How many lines of the entries hold the string "condensed"? Reply with the number alone.

DATA EXTRACT |
= = =

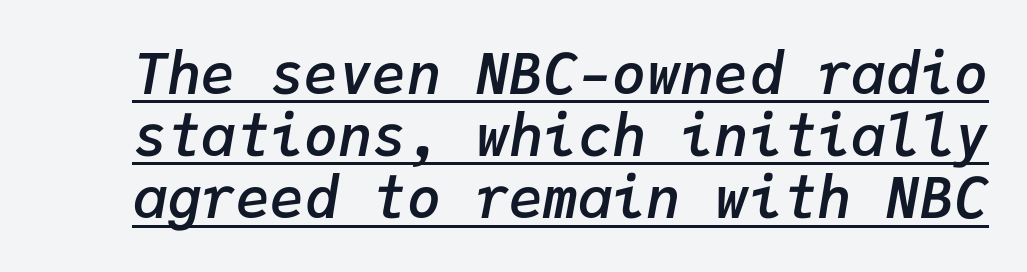
{"italic": "yes", "lean": "right", "slant_degrees": 9, "bold": "semi", "weight": "semibold", "width": "normal", "stroke_contrast": "low", "x_height": "medium", "monospaced": "yes", "underline": "yes", "line_spacing": "tight", "line_spacing_ratio": 1.09, "letter_spacing": "normal", "letter_spacing_em": 0.0, "glyph_px": 57}
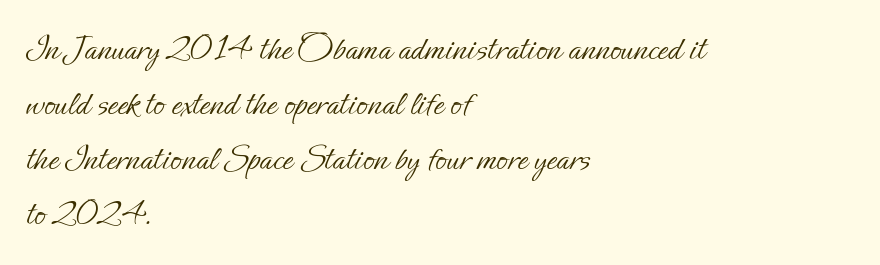
{"bold": "no", "weight": "light", "width": "normal", "stroke_contrast": "low", "x_height": "small", "monospaced": "no", "underline": "no", "align": "left", "line_spacing": "normal", "line_spacing_ratio": 1.49, "letter_spacing": "normal", "letter_spacing_em": 0.0, "glyph_px": 37}
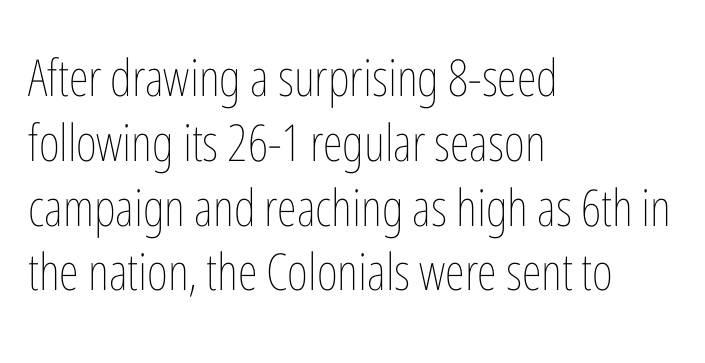
{"italic": "no", "bold": "no", "weight": "thin", "width": "condensed", "stroke_contrast": "low", "x_height": "medium", "monospaced": "no", "underline": "no", "align": "left", "line_spacing": "normal", "line_spacing_ratio": 1.27, "letter_spacing": "normal", "letter_spacing_em": 0.0, "glyph_px": 51}
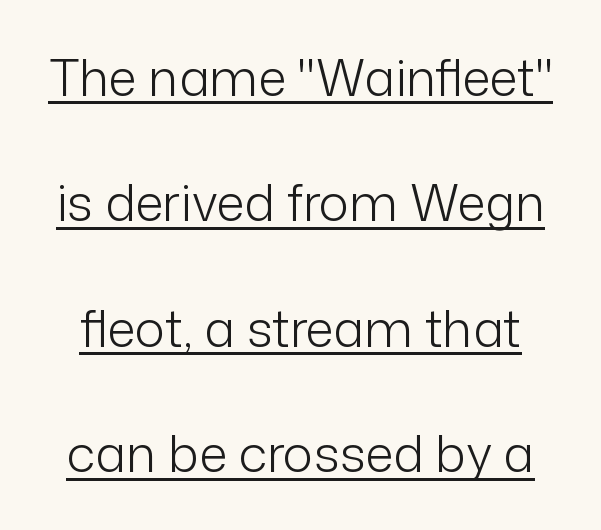
{"serif": "no", "italic": "no", "bold": "no", "weight": "light", "width": "normal", "stroke_contrast": "low", "x_height": "medium", "monospaced": "no", "underline": "yes", "line_spacing": "loose", "line_spacing_ratio": 2.46, "letter_spacing": "normal", "letter_spacing_em": 0.0, "glyph_px": 51}
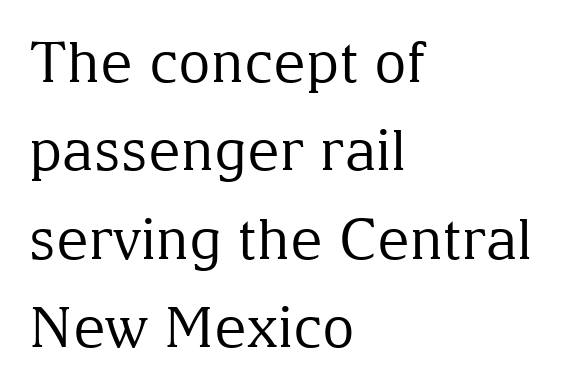
Q: Is the text bold? A: No.
Q: Is the text italic (slanted)? A: No, it is upright.
Q: Is the typeface a serif or a sans-serif typeface? A: Serif.
Q: Is the text underlined? A: No.
Q: How is the paragraph aligned? A: Left-aligned.
Q: Is the spacing between letters normal or unusually wide? A: Normal.
Q: Is the spacing between lines tight, normal or loose? A: Normal.
Q: Width (condensed, normal, or wide)? A: Normal.
Q: Stroke contrast? A: Medium.
Q: x-height? A: Medium.
Q: Monospaced? A: No.
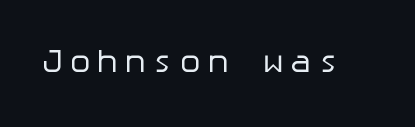
The image shows 33 px regular-weight sans-serif type, upright; set not underlined; low stroke contrast and a medium x-height.
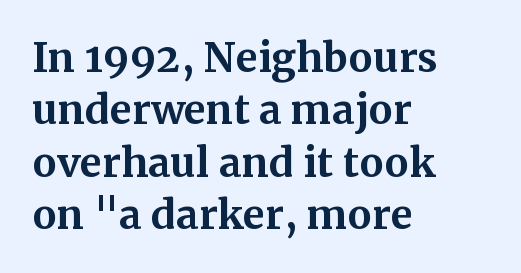
The image shows 40 px bold serif type, upright; set left-aligned, normal line spacing (1.31x), normal letter spacing, not underlined; medium stroke contrast and a medium x-height.
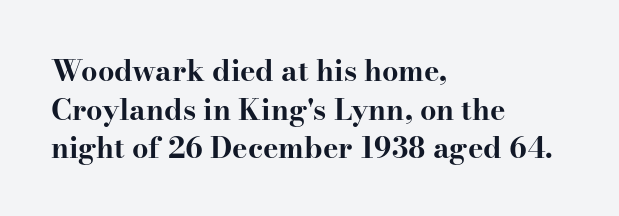
{"serif": "yes", "italic": "no", "bold": "yes", "weight": "bold", "width": "wide", "stroke_contrast": "high", "x_height": "small", "monospaced": "no", "underline": "no", "align": "left", "line_spacing": "normal", "line_spacing_ratio": 1.33, "letter_spacing": "normal", "letter_spacing_em": 0.0, "glyph_px": 29}
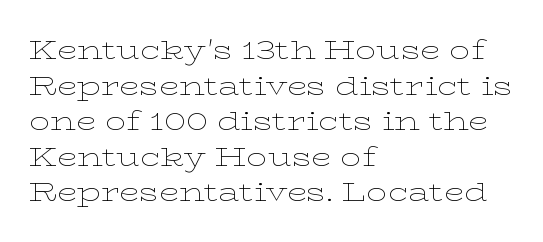
The image shows 26 px text type, upright; set left-aligned, normal line spacing (1.37x), normal letter spacing, not underlined.
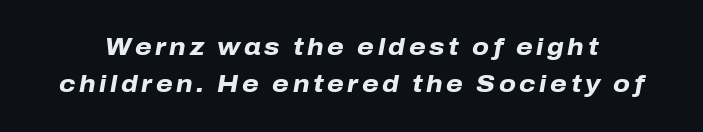
{"italic": "yes", "lean": "right", "slant_degrees": 10, "bold": "yes", "underline": "no", "line_spacing": "normal", "line_spacing_ratio": 1.56, "glyph_px": 24}
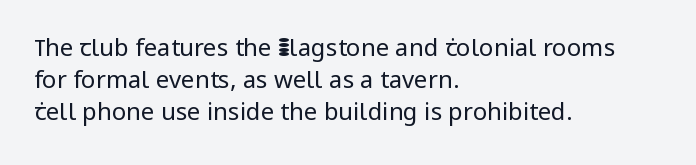
{"italic": "no", "bold": "no", "underline": "no", "align": "left", "line_spacing": "normal", "line_spacing_ratio": 1.34, "letter_spacing": "normal", "letter_spacing_em": 0.0, "glyph_px": 24}
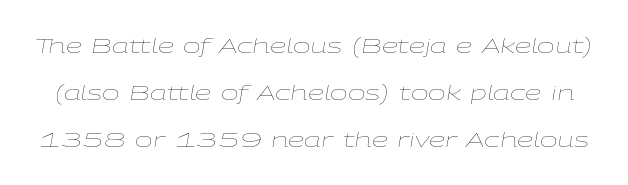
Q: Is the text bold? A: No.
Q: Is the text italic (slanted)? A: Yes, it leans right by about 9 degrees.
Q: Is the text underlined? A: No.
Q: Is the spacing between letters normal or unusually wide? A: Normal.
Q: Is the spacing between lines tight, normal or loose? A: Loose.
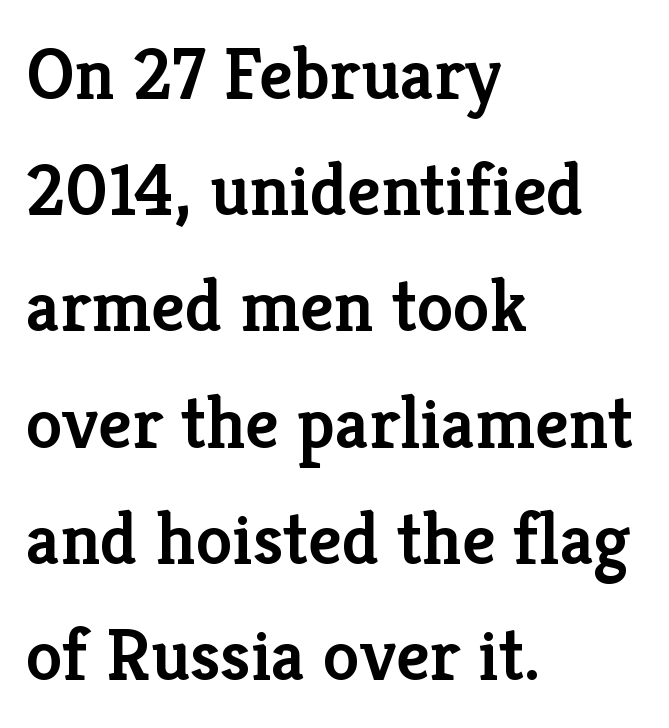
The type family on display is of the serif kind. The gap between lines stays unmarked. Characters follow at the spacing the type designer built in. Strokes here are thickened, but only to semibold level. Proportional: the letters do not fall into vertical columns. How would I describe the line gaps? Plain and ordinary.

= = =

RESULT OF THIS EXERCISE | 2